Am I correct in thinking that you cannot use a preallocated reentrant vi in a class and expect a new instance of the VI for each class instance? 


No, a preallocated reentrant VI will get a new instance everywhere you (statically, sigh) use it.

 

So basically, everywhere you use it is a new instance.

 

The class instance has little to do with it. A reentrant VI looping over an array of objects will keep it's data over the iterations. As you've noticed  yourself.

 

The kind of reentrancy doesn't matter. Neither will work.

 


@Worle wrote:

Any recommendations on how to do this without resorting to restructuring the reentrant VI and storing all of its data in the class instance.

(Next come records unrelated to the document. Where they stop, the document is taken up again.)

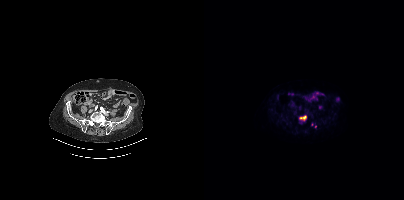
Findings: Coordinates are on the 200×200 PET (right) panel. PSMA-avid tumor lesion bounding box (x0, y0)-(x1, y1): (95, 115)-(102, 121). Small PSMA-avid foci (2 to 4 px across) near (center x, center y): (108, 124) | (111, 126).
Technique: Paired axial CT (left) and PSMA PET (right), 18F tracer. slice position z = -838 mm.
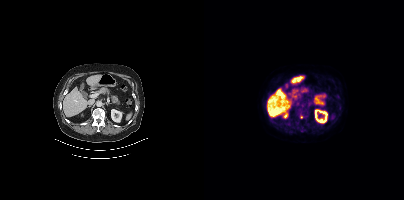
Coordinates are on the 200×200 PET (right) panel. (showing 3 of 4 foci) PSMA-avid tumor lesion bounding boxes (x0,y0,x1,y1): [92,108,102,118], [84,121,88,125]. Small PSMA-avid focus (2 to 4 px across) near (center x, center y): (134, 96).
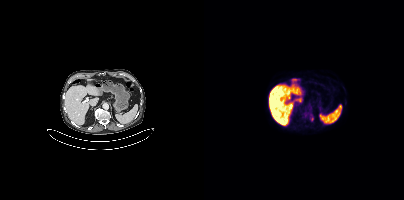
Technique: Left: CT. Right: PSMA PET, same axial level, 18F-PSMA tracer. slice position z = -1159 mm.
Findings: Coordinates are on the 200×200 PET (right) panel. (showing 1 of 2 foci) Small PSMA-avid focus (2 to 4 px across) near (center x, center y): (101, 112).
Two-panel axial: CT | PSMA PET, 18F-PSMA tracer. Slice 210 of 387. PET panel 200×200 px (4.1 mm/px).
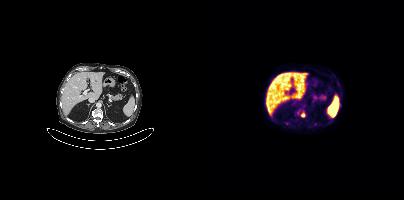
Coordinates are on the 200×200 PET (right) panel. PSMA-avid tumor lesion bounding box (x0,y0,x1,y1): [93,111,95,115]. Small PSMA-avid focus (2 to 4 px across) near (center x, center y): (98, 114).
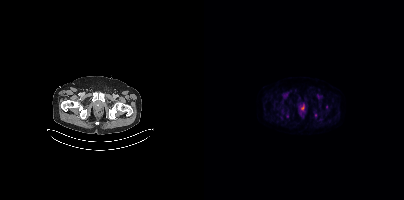
Findings: Coordinates are on the 200×200 PET (right) panel. Small PSMA-avid focus (2 to 4 px across) near (center x, center y): (111, 114).
Technique: Paired axial CT (left) and PSMA PET (right), [18F]PSMA-1007 tracer. acquired on Siemens Biograph mCT Flow 20. slice 60 of 389. PET panel 200×200 px (4.1 mm/px).
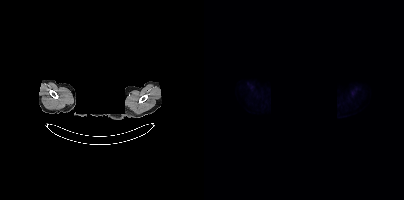
This slice has no annotated PSMA-avid lesion. Facial anatomy redacted by setting a rectangular region of the head to black. Left: CT. Right: PSMA PET, same axial level, 18F tracer. Acquired on Siemens Biograph mCT Flow 20. PET panel 200×200 px (4.1 mm/px).
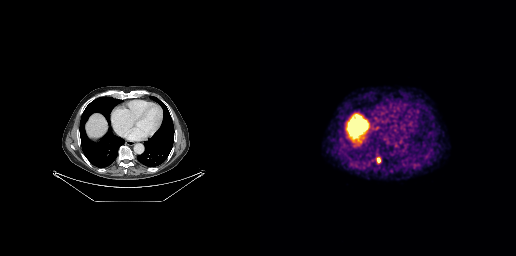
Technique: Two-panel axial: CT | PSMA PET, [68Ga]Ga-PSMA-11 tracer.
Findings: Coordinates are on the 256×256 PET (right) panel. PSMA-avid tumor lesion bounding box (x, y, width, height): x=116 y=157 w=5 h=7.
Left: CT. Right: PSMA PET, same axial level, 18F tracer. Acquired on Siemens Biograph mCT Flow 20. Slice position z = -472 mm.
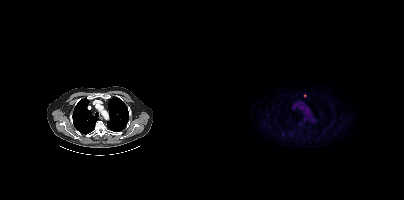
Coordinates are on the 200×200 PET (right) panel. Small PSMA-avid focus (2 to 4 px across) near (center x, center y): (100, 95).
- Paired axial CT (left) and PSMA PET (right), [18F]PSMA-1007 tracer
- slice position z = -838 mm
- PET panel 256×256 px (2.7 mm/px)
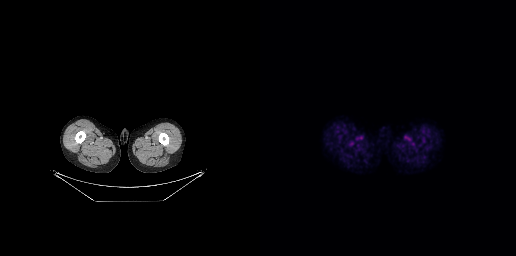
Findings: No PSMA-avid tumor lesions on this slice.
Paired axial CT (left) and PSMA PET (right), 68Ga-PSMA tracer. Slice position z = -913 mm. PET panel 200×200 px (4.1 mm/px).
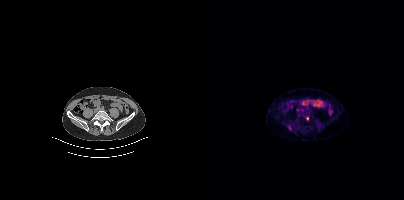
Coordinates are on the 200×200 PET (right) panel. Small PSMA-avid focus (2 to 4 px across) near (center x, center y): (103, 118).
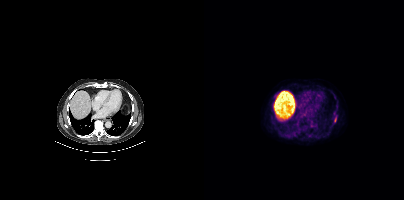
Findings: Coordinates are on the 200×200 PET (right) panel. PSMA-avid tumor lesion bounding box (x, y, width, height): x=130 y=116 w=3 h=7.
Technique: Paired axial CT (left) and PSMA PET (right), 18F-PSMA tracer. slice 271 of 417. PET panel 200×200 px (4.1 mm/px).
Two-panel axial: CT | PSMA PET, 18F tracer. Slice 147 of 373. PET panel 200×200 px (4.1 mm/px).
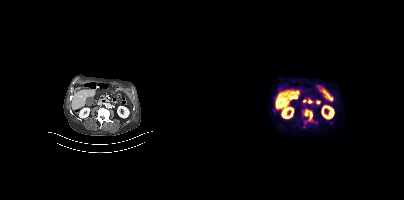
Coordinates are on the 200×200 PET (right) panel. PSMA-avid tumor lesion bounding boxes:
| # | x0 | y0 | x1 | y1 |
|---|---|---|---|---|
| 1 | 99 | 109 | 108 | 120 |
| 2 | 69 | 108 | 73 | 113 |
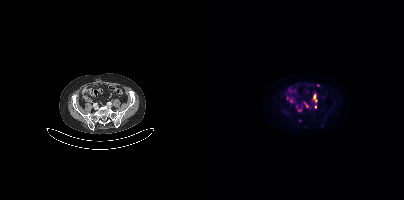
- Left: CT. Right: PSMA PET, same axial level, [18F]PSMA-1007 tracer
- slice 114 of 395
Findings: Coordinates are on the 200×200 PET (right) panel. PSMA-avid tumor lesion bounding box (x0, y0)-(x1, y1): (110, 95)-(113, 101). Small PSMA-avid foci (2 to 4 px across) near (center x, center y): (111, 107) | (94, 109) | (102, 105).
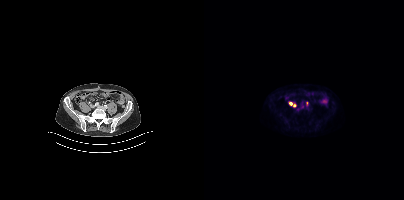
Two-panel axial: CT | PSMA PET, 18F tracer. Acquired on Siemens Biograph mCT Flow 20. Slice position z = -1482 mm. PET panel 200×200 px (4.1 mm/px). Coordinates are on the 200×200 PET (right) panel. (showing 1 of 2 foci) PSMA-avid tumor lesion bounding box (x0, y0)-(x1, y1): (85, 102)-(92, 107).
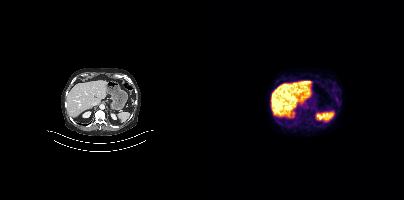
This slice has no annotated PSMA-avid lesion.
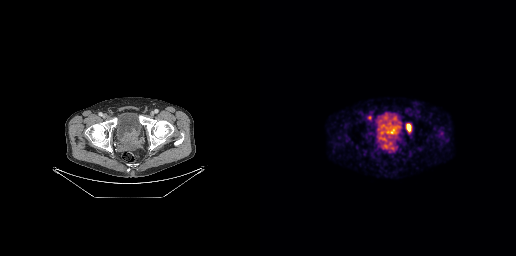
Findings: Coordinates are on the 256×256 PET (right) panel. PSMA-avid tumor lesion bounding boxes (x, y, width, height): x=123 y=124 w=17 h=18; x=146 y=124 w=6 h=8. Small PSMA-avid focus (2 to 4 px across) near (center x, center y): (109, 118).
Technique: Paired axial CT (left) and PSMA PET (right), 68Ga tracer. acquired on GE Discovery 690. slice 63 of 263.
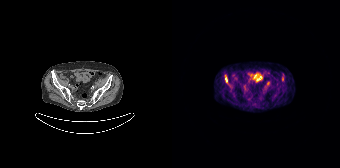
Two-panel axial: CT | PSMA PET, [68Ga]Ga-PSMA-11 tracer. Acquired on Siemens Biograph 64-4R TruePoint. Slice position z = -1154 mm.
Coordinates are on the 168×168 PET (right) panel. PSMA-avid tumor lesion bounding boxes:
| # | x0 | y0 | x1 | y1 |
|---|---|---|---|---|
| 1 | 53 | 77 | 55 | 81 |
Small PSMA-avid focus (2 to 4 px across) near (center x, center y): (96, 83).
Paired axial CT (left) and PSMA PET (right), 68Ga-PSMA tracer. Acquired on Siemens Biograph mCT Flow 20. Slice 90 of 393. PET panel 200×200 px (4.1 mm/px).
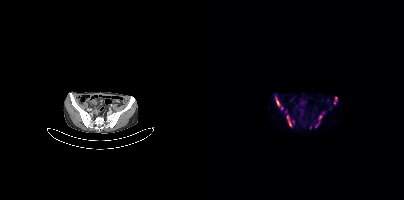
Coordinates are on the 200×200 PET (right) panel. (showing 5 of 7 foci) PSMA-avid tumor lesion bounding boxes (x0,y0,x1,y1): [72,97,76,106] [83,116,86,125] [130,97,133,103] [115,115,118,119]. Small PSMA-avid focus (2 to 4 px across) near (center x, center y): (81, 111).
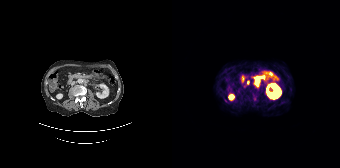
Coordinates are on the 168×168 PET (right) panel. PSMA-avid tumor lesion bounding boxes:
| # | x0 | y0 | x1 | y1 |
|---|---|---|---|---|
| 1 | 81 | 80 | 87 | 87 |
| 2 | 75 | 80 | 77 | 84 |
Small PSMA-avid focus (2 to 4 px across) near (center x, center y): (53, 100).
Left: CT. Right: PSMA PET, same axial level, 68Ga-PSMA tracer.
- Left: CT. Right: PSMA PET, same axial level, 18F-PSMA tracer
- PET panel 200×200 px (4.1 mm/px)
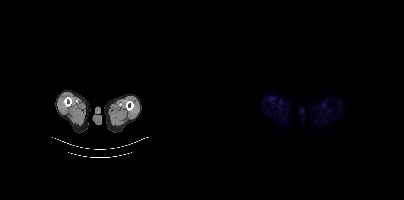
Findings: Negative for PSMA-avid disease on this slice.
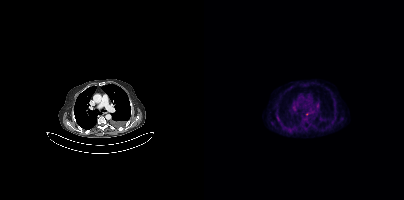
Only PSMA-avid lesion pieces thinner than 2 px on this slice (not listed).
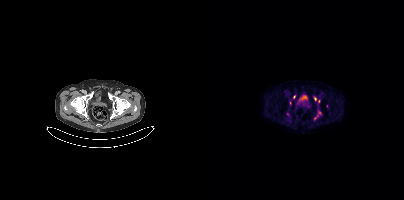
Technique: Left: CT. Right: PSMA PET, same axial level, 18F tracer. slice 76 of 415.
Findings: Coordinates are on the 200×200 PET (right) panel. (showing 5 of 7 foci) Small PSMA-avid foci (2 to 4 px across) near (center x, center y): (111, 98) / (114, 101) / (86, 102) / (115, 112) / (83, 113).
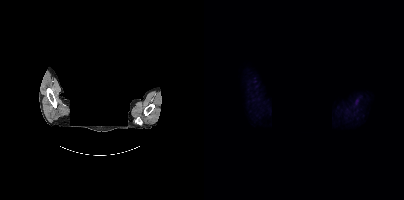
- facial anatomy redacted by setting a rectangular region of the head to black
- Paired axial CT (left) and PSMA PET (right), [18F]PSMA-1007 tracer
- slice 380 of 435
Findings: No PSMA-avid tumor lesions on this slice.
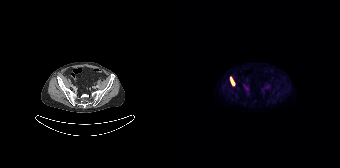
Coordinates are on the 168×168 PET (right) panel. PSMA-avid tumor lesion bounding box (x0,y0,x1,y1): [58,76,63,86].
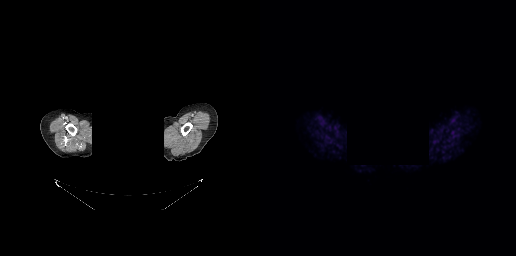
{"pet_grid":[256,256],"coord_frame":"pet_panel","coord_format":"x0,y0,x1,y1","psma_avid_lesions":false,"modality":"PSMA PET/CT","view":"axial","tracer":"68Ga","deidentification":"rectangular block over head set to black"}

Fundamentally, that is the only way...

 


@Worle wrote:

If I put this in one of my class VI's (even if that is set to preallocated as well) it appears to share the same instance of PID.vi amongst all of the class instances.


Yes. That is an accurate breakdown of the problem.

 

PtByPt is useless for classes. I keep mentioning this, nobody really seems to care.

 

You can:

1) make your own PID with inputs\outputs for it's state (e.g. not PtByPt style).

2) have each class instance create a VI reference to a PID VI instance, and use Call By Reference on that.

 

I don't know which I dislike more 🙄... I usually pick 1), which is more work, but less of a hack.

 

Sorry... Can't make it better.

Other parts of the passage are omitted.